Personal information
- Date of birth: 24 February 2000 (age 26)
- Place of birth: Puning, Guangdong, China
- Height: 1.77 m (5 ft 10 in)
- Position: Midfielder

Team information
- Current team: Dalian Yingbo
- Number: 40

Youth career
- 0000–2018: Guangzhou Evergrande

Senior career*
- Years: Team / Apps / (Gls)
- 2019: Wuhan Three Towns / 7 / (0)
- 2020–2021: Guangzhou FC / 0 / (0)
- 2022: Kunshan FC / 4 / (0)
- 2023–2024: Guangzhou FC / 55 / (5)
- 2025–: Dalian Yingbo / 21 / (0)

International career^{‡}
- 2019: China U19 / 1 / (0)
- 2025–: China / 1 / (0)

Medal record
Representing China
Men's football
EAFF Championship
| Bronze medal – third place | 2025 South Korea | Team |

= Liao Jintao =

Chinese association football player

Liao Jintao (廖锦涛; born 24 February 2000) is a Chinese footballer currently playing as a midfielder for Chinese Super League club Dalian Yingbo and the China national team.

==Club career==
Liao played for the Guangzhou FC youth team before joining then-China League Two club Wuhan Three Towns for the 2019 campaign.
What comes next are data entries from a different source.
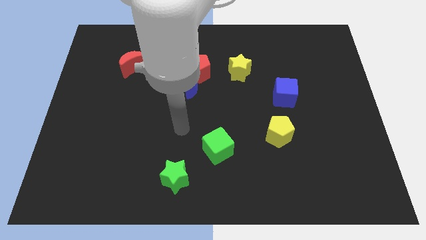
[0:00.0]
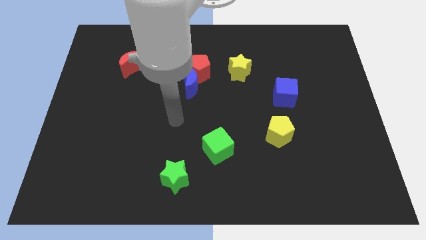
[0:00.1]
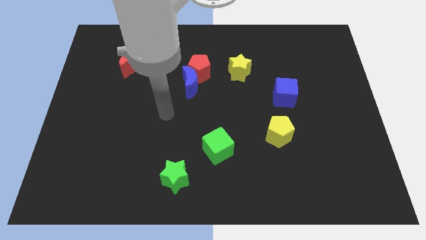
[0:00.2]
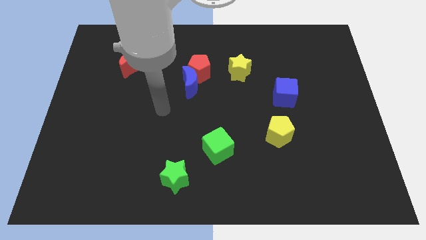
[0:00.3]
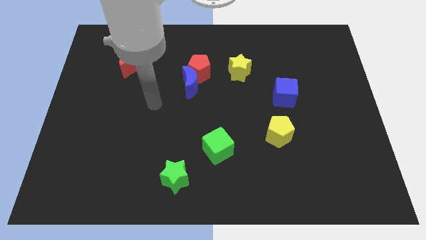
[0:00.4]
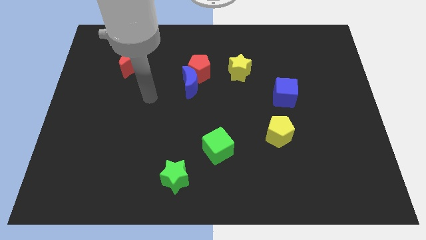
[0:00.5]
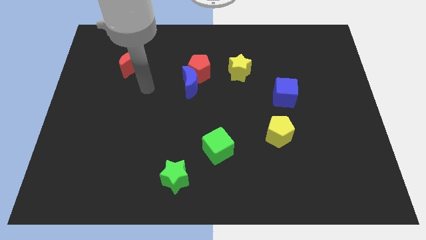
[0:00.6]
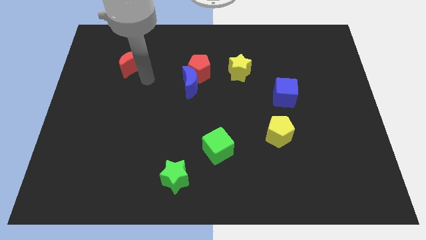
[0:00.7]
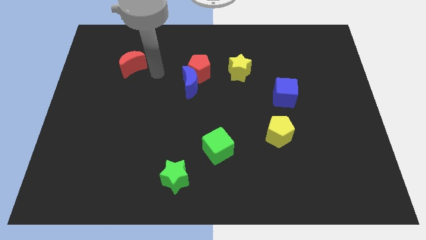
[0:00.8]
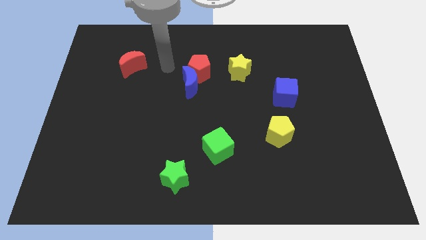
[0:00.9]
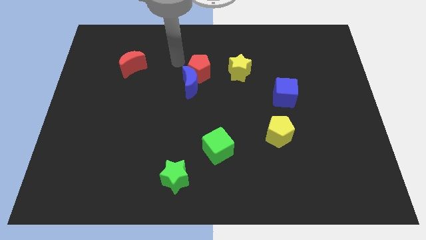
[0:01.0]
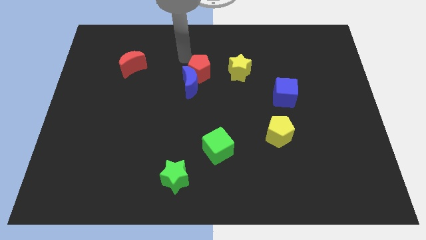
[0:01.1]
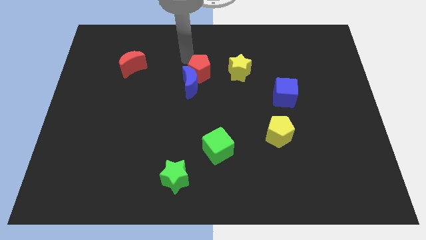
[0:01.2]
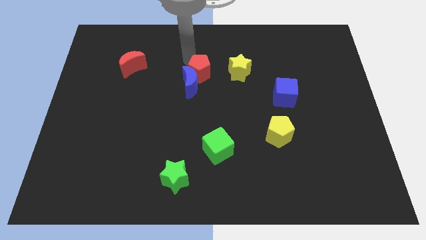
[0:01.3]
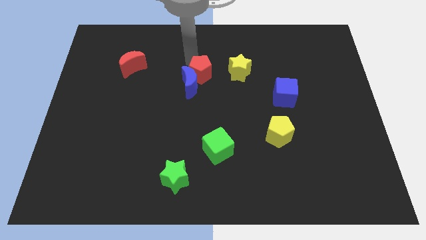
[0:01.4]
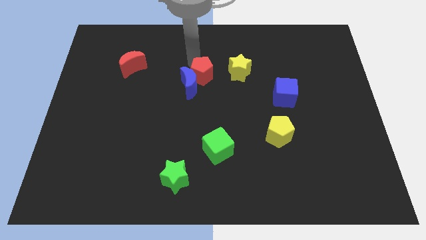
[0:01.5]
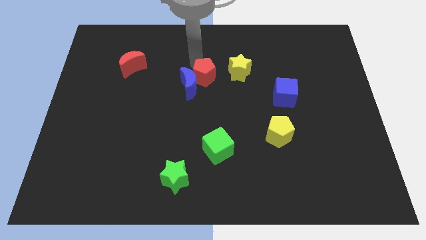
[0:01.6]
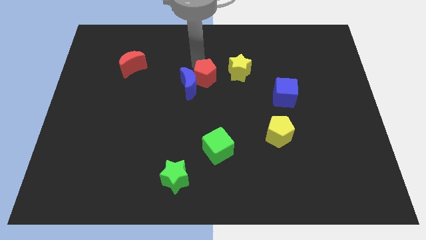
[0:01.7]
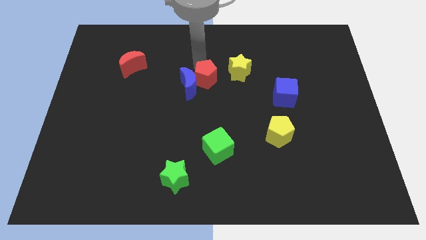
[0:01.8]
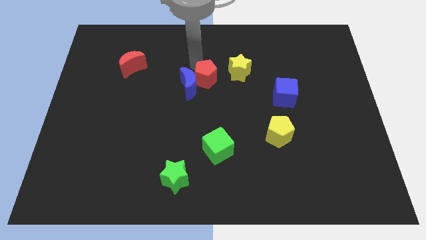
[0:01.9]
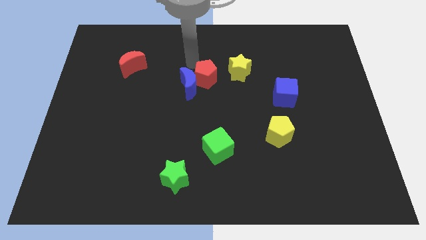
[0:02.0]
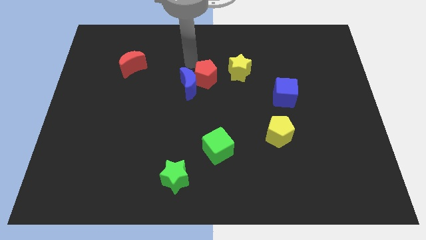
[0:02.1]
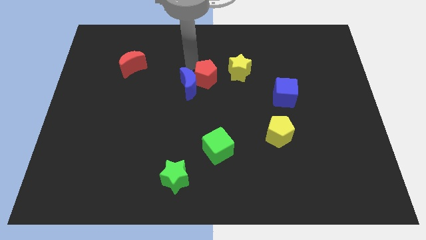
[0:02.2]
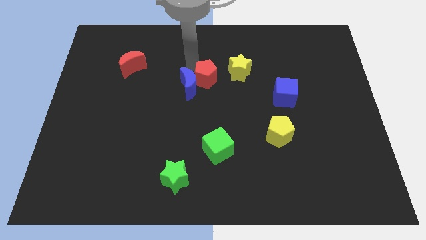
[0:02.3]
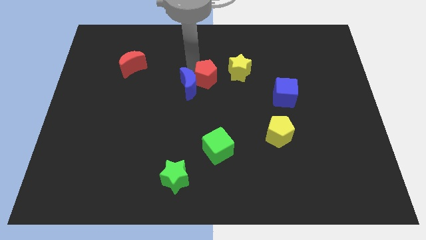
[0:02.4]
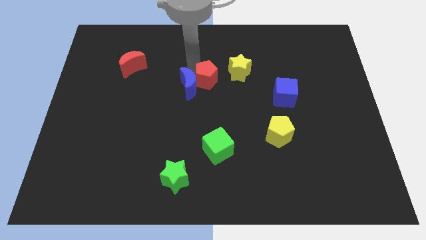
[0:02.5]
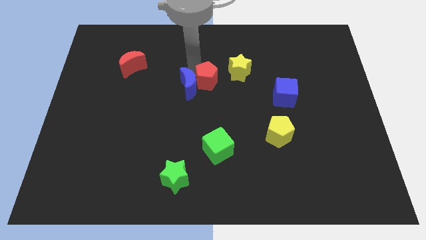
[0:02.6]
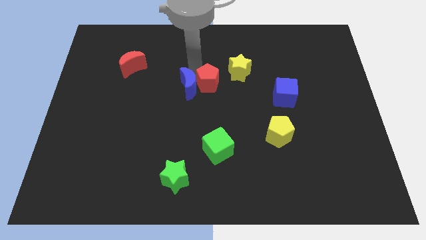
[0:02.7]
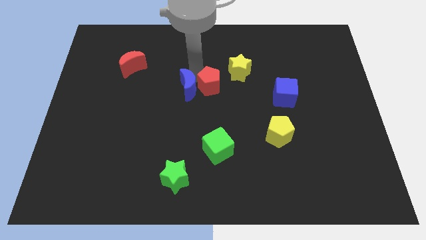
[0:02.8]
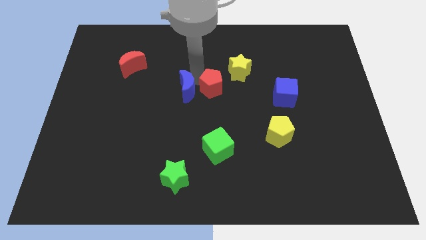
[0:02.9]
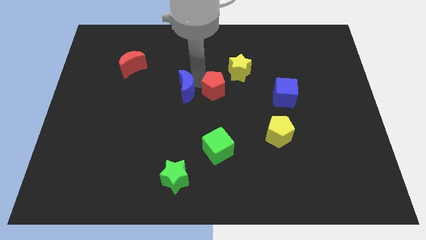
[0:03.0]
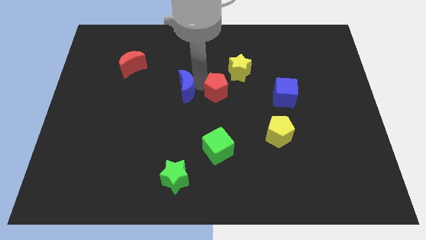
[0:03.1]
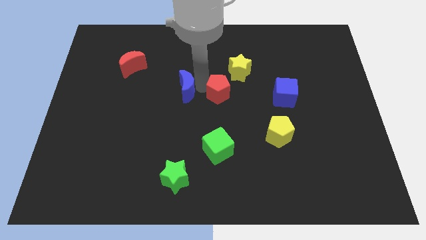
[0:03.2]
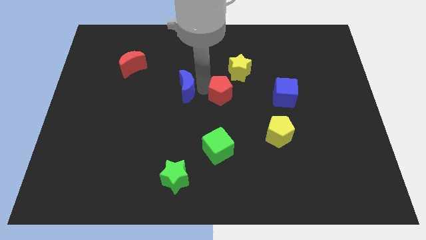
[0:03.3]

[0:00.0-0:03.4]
push the red pentagon to the bottom side of the yellow star

After only one season he returned to Guangzhou where he was utilized sparingly in cup matches before joining second tier club Kunshan on 26 April 2022. He had a run of several games within the team and was part of the squad that won the division and promotion to the top tier at the end of the 2022 China League One campaign.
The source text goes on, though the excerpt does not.